• PROVIDED ENTRIES:

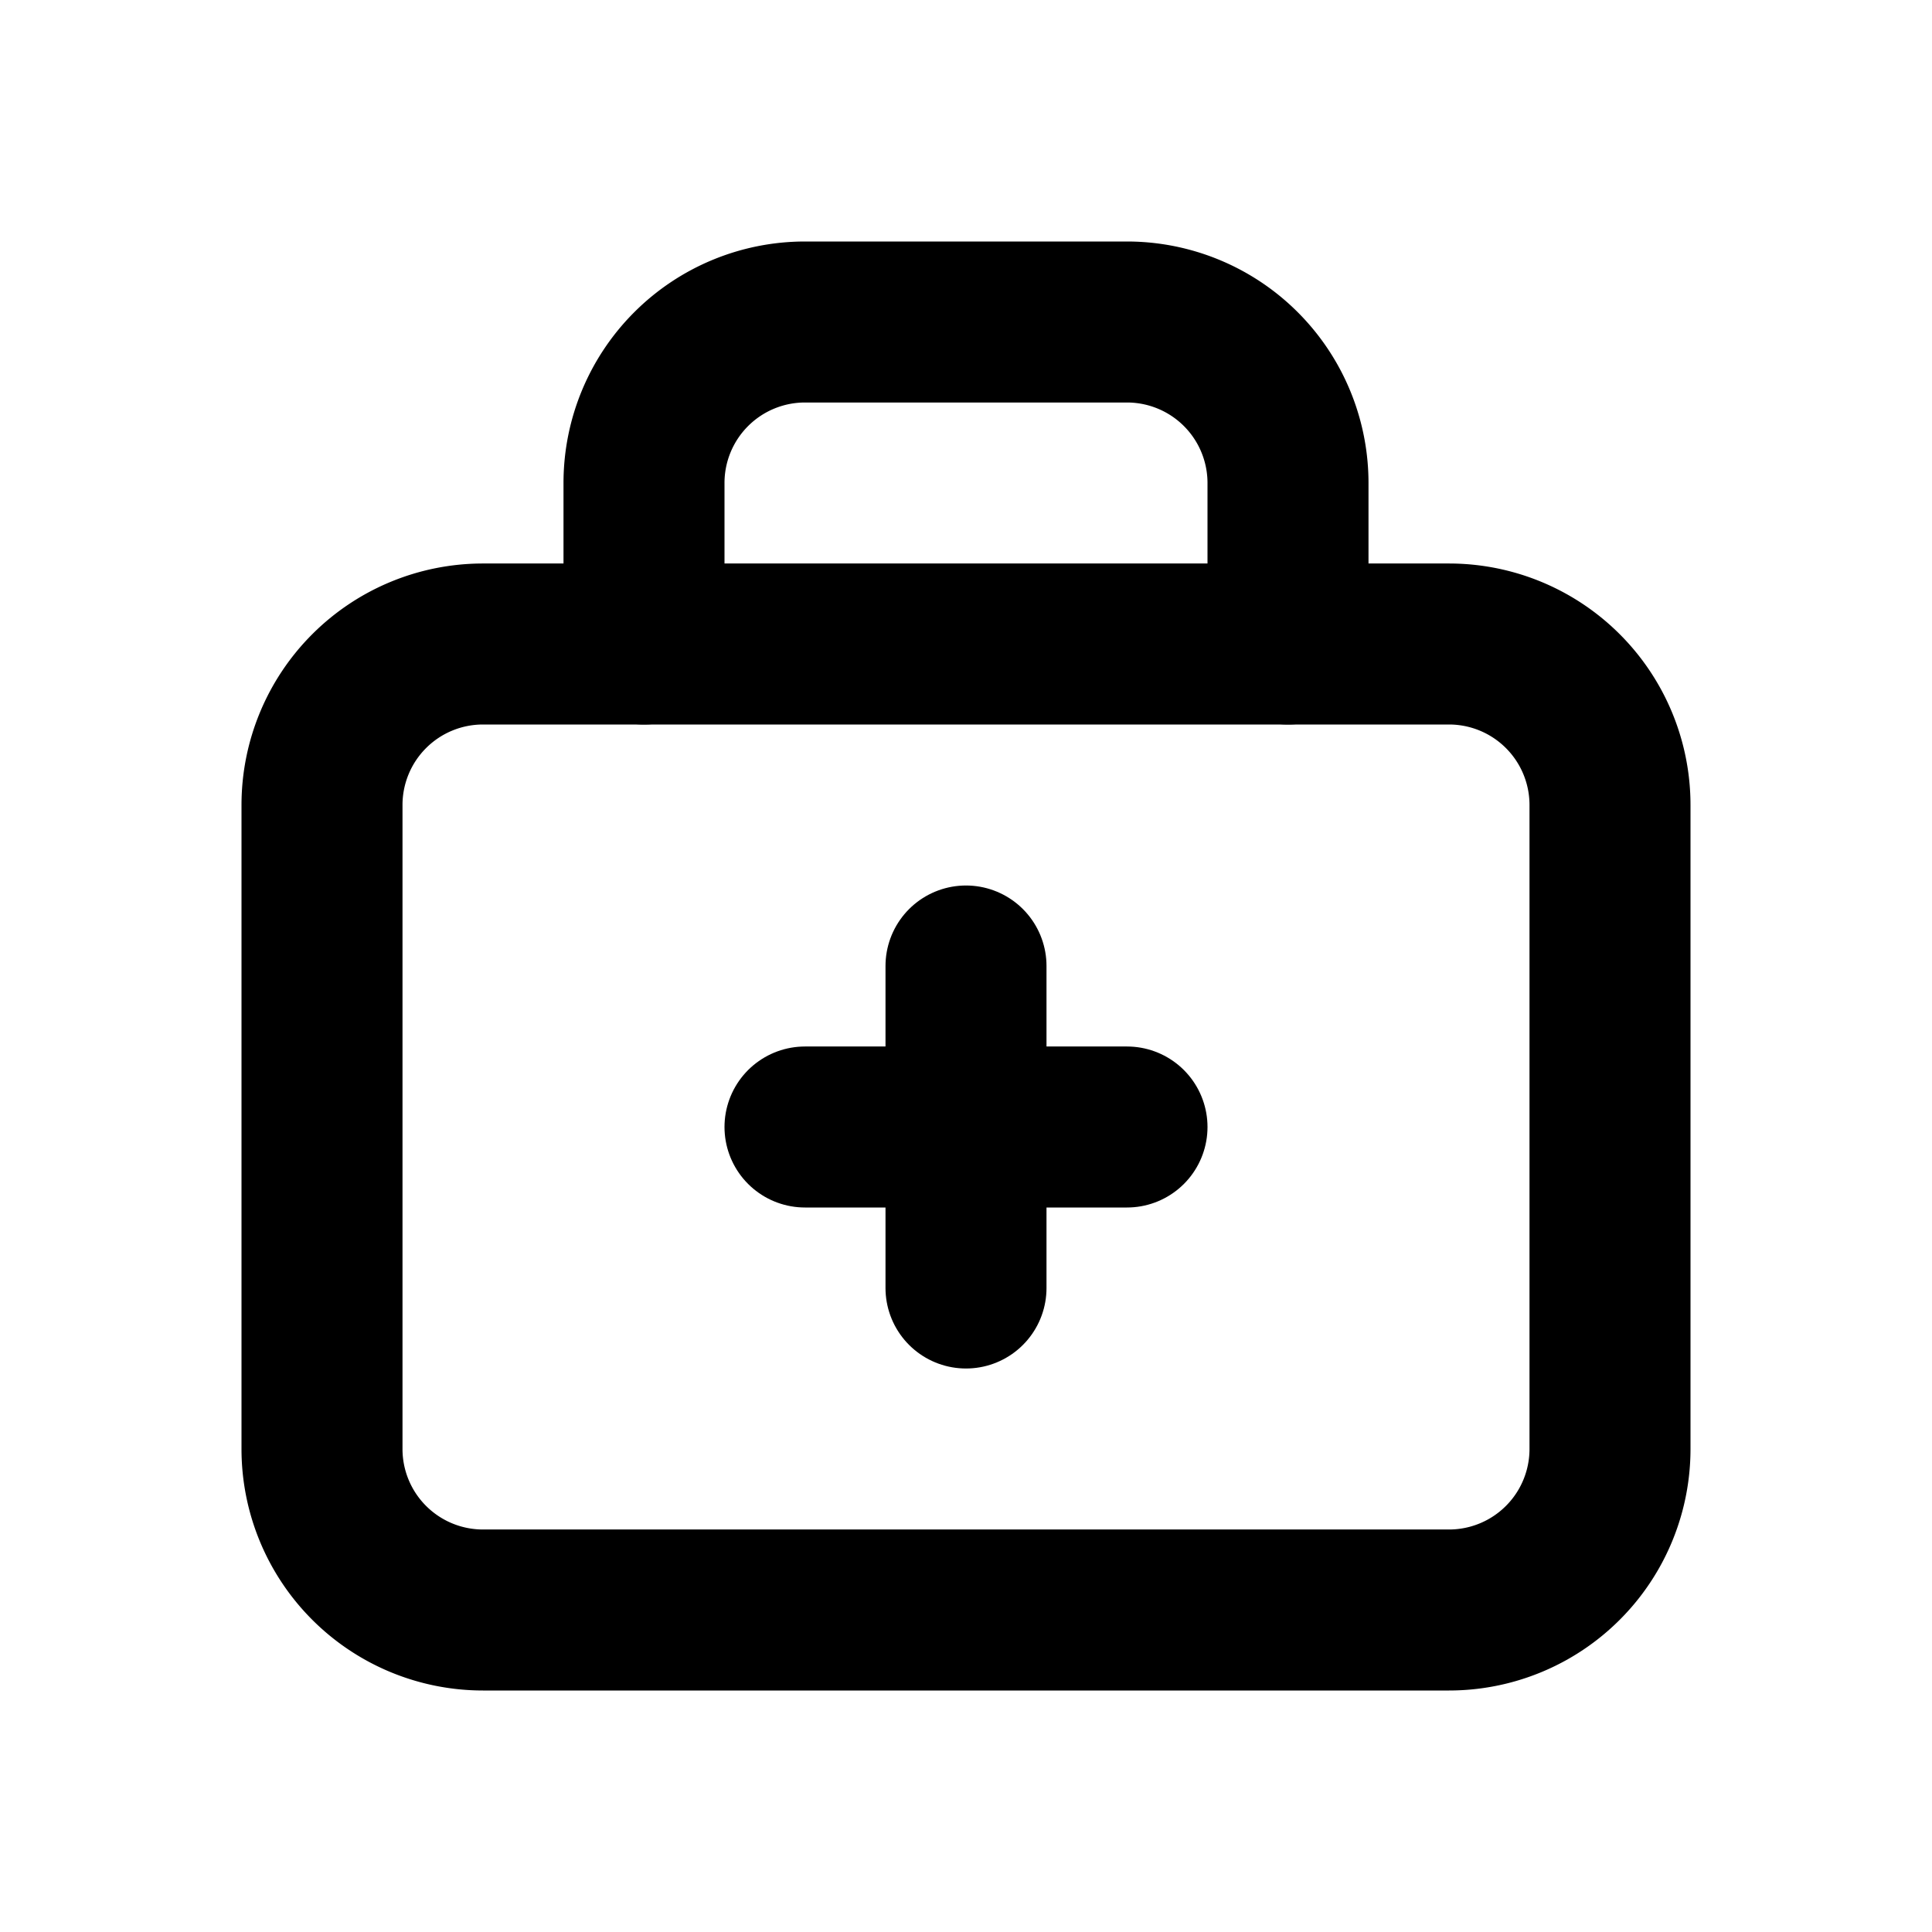 <svg
  xmlns="http://www.w3.org/2000/svg"
  width="24"
  height="24"
  viewBox="0 0 24 24"
  fill="none"
  stroke="currentColor"
  stroke-width="2"
  stroke-linecap="round"
  stroke-linejoin="round"
  class="icon icon-tabler icons-tabler-outline icon-tabler-first-aid-kit"
>
  <path stroke="none" d="M0 0h24v24H0z" fill="none"/>
  <path d="M8 8v-2a2 2 0 0 1 2 -2h4a2 2 0 0 1 2 2v2" />
  <path d="M4 8m0 2a2 2 0 0 1 2 -2h12a2 2 0 0 1 2 2v8a2 2 0 0 1 -2 2h-12a2 2 0 0 1 -2 -2z" />
  <path d="M10 14h4" />
  <path d="M12 12v4" />
</svg>

• TRY IT:
Using the records above, select and copy every line that has the word "fill".

• REPLY TO THE TASK:
  fill="none"
  <path stroke="none" d="M0 0h24v24H0z" fill="none"/>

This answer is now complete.